DATA EXTRACT:

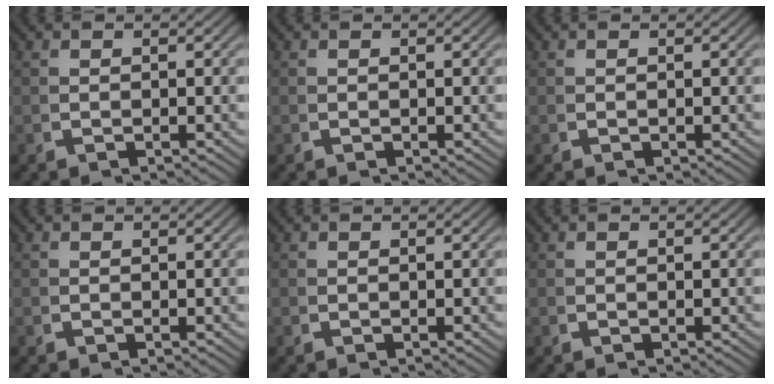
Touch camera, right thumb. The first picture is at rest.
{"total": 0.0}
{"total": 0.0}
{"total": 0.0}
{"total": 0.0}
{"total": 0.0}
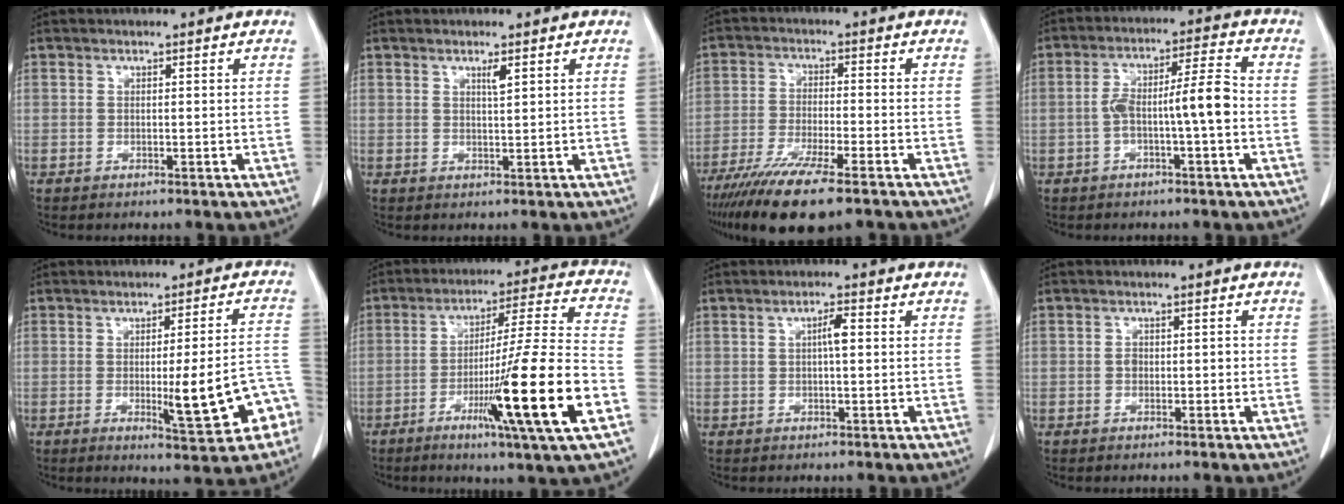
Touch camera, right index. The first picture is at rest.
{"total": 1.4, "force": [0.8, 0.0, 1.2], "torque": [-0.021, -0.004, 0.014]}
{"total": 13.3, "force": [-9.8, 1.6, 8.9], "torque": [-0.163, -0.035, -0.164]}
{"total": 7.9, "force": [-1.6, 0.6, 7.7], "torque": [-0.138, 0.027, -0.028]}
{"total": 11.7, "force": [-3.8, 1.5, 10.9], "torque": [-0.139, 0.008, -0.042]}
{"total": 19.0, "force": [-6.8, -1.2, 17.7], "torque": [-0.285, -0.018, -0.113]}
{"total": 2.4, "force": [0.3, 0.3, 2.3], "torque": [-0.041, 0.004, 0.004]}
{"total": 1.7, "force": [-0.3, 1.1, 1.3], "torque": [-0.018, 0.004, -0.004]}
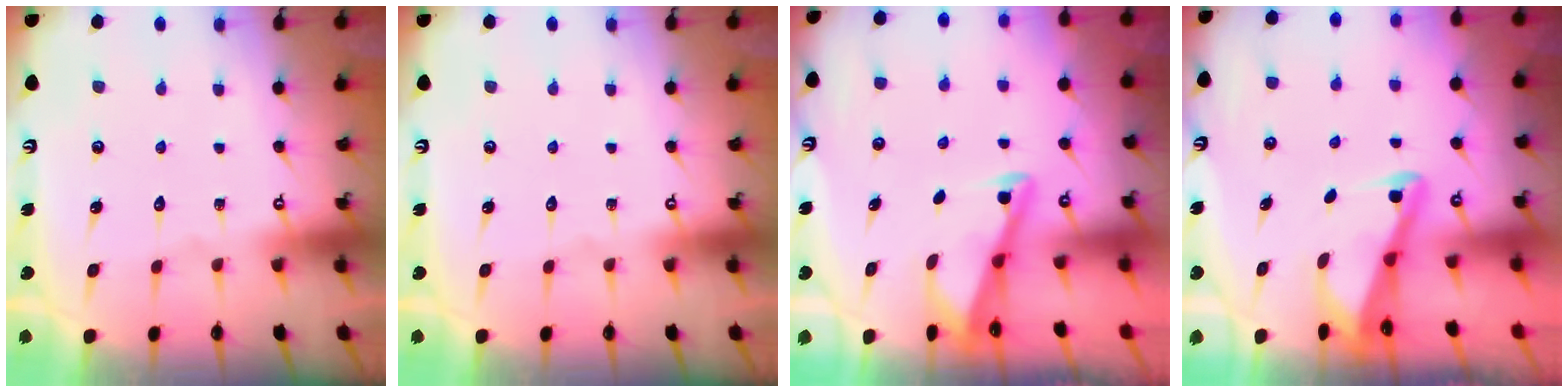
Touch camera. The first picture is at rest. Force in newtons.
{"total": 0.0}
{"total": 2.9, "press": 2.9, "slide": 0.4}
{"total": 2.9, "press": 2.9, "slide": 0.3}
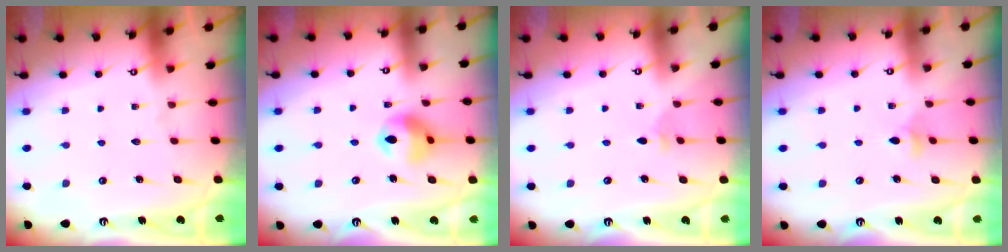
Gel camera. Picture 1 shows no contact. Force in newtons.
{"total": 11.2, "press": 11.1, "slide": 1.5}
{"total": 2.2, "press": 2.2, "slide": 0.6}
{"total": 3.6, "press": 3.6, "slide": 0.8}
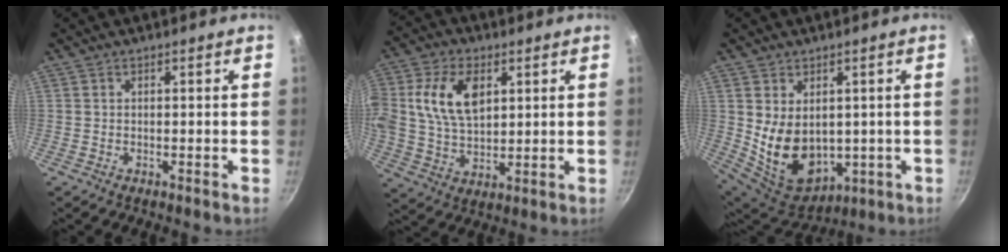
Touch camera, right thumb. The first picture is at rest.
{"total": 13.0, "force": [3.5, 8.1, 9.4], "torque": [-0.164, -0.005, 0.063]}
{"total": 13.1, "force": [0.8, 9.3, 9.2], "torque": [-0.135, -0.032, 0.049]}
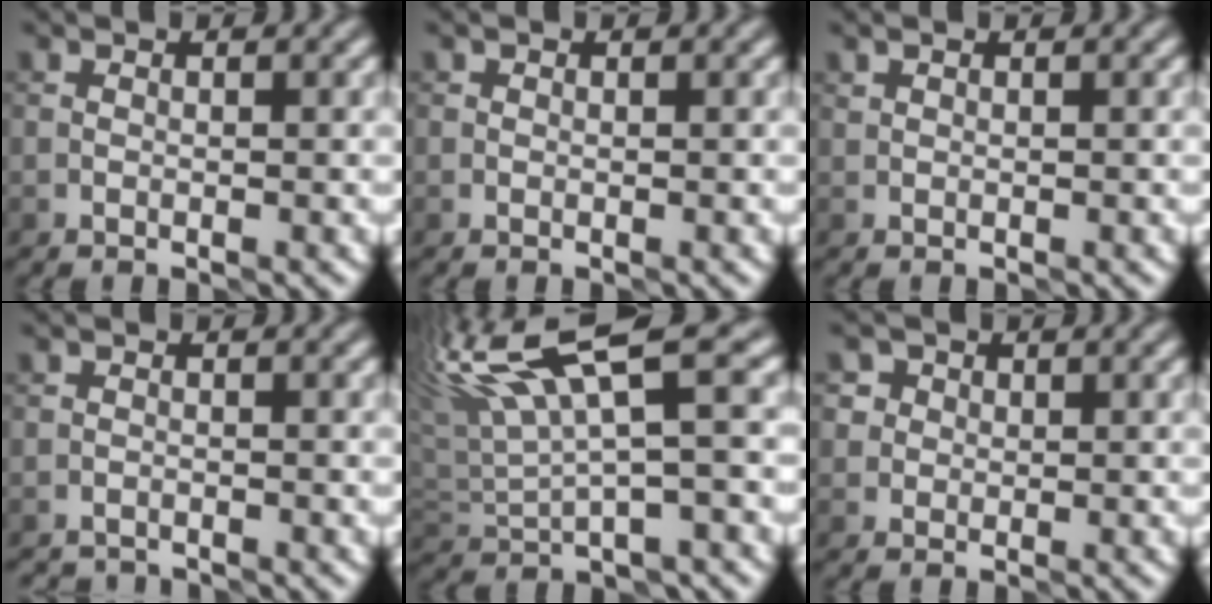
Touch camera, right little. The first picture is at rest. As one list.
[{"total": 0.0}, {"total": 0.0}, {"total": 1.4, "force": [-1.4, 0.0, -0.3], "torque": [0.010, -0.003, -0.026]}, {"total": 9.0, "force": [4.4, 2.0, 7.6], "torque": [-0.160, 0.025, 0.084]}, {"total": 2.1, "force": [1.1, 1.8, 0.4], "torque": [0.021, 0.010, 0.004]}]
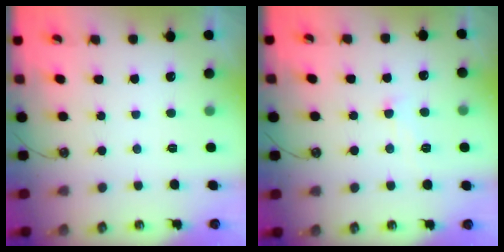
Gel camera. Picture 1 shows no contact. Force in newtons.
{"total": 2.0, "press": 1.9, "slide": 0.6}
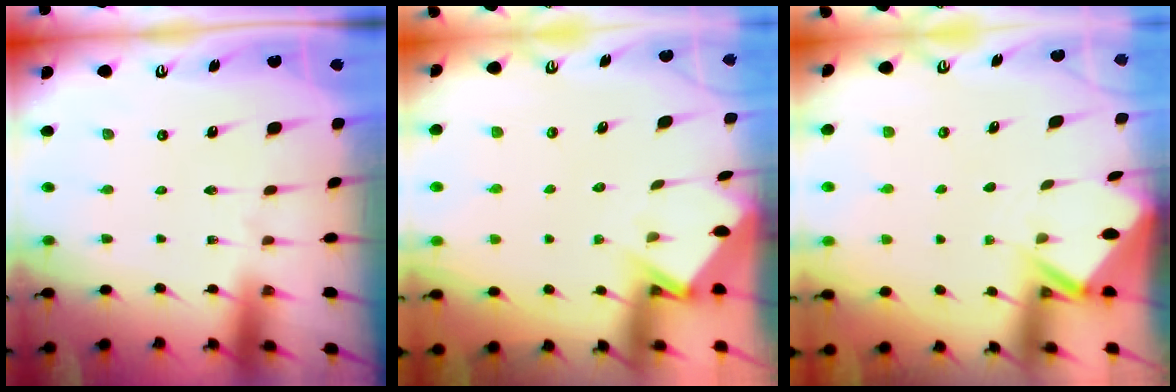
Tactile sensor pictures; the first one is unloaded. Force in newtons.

WHAT IS REQUIRED:
What is needed is an exact repetition of every entry, without the pictures.

RESULT BELOW:
Touch camera, right thumb. The first picture is at rest.
{"total": 0.0}
{"total": 0.0}
{"total": 0.0}
{"total": 0.0}
{"total": 0.0}
Touch camera, right index. The first picture is at rest.
{"total": 1.4, "force": [0.8, 0.0, 1.2], "torque": [-0.021, -0.004, 0.014]}
{"total": 13.3, "force": [-9.8, 1.6, 8.9], "torque": [-0.163, -0.035, -0.164]}
{"total": 7.9, "force": [-1.6, 0.6, 7.7], "torque": [-0.138, 0.027, -0.028]}
{"total": 11.7, "force": [-3.8, 1.5, 10.9], "torque": [-0.139, 0.008, -0.042]}
{"total": 19.0, "force": [-6.8, -1.2, 17.7], "torque": [-0.285, -0.018, -0.113]}
{"total": 2.4, "force": [0.3, 0.3, 2.3], "torque": [-0.041, 0.004, 0.004]}
{"total": 1.7, "force": [-0.3, 1.1, 1.3], "torque": [-0.018, 0.004, -0.004]}
Touch camera. The first picture is at rest. Force in newtons.
{"total": 0.0}
{"total": 2.9, "press": 2.9, "slide": 0.4}
{"total": 2.9, "press": 2.9, "slide": 0.3}
Gel camera. Picture 1 shows no contact. Force in newtons.
{"total": 11.2, "press": 11.1, "slide": 1.5}
{"total": 2.2, "press": 2.2, "slide": 0.6}
{"total": 3.6, "press": 3.6, "slide": 0.8}
Touch camera, right thumb. The first picture is at rest.
{"total": 13.0, "force": [3.5, 8.1, 9.4], "torque": [-0.164, -0.005, 0.063]}
{"total": 13.1, "force": [0.8, 9.3, 9.2], "torque": [-0.135, -0.032, 0.049]}
Touch camera, right little. The first picture is at rest. As one list.
[{"total": 0.0}, {"total": 0.0}, {"total": 1.4, "force": [-1.4, 0.0, -0.3], "torque": [0.010, -0.003, -0.026]}, {"total": 9.0, "force": [4.4, 2.0, 7.6], "torque": [-0.160, 0.025, 0.084]}, {"total": 2.1, "force": [1.1, 1.8, 0.4], "torque": [0.021, 0.010, 0.004]}]
Gel camera. Picture 1 shows no contact. Force in newtons.
{"total": 2.0, "press": 1.9, "slide": 0.6}
Tactile sensor pictures; the first one is unloaded. Force in newtons.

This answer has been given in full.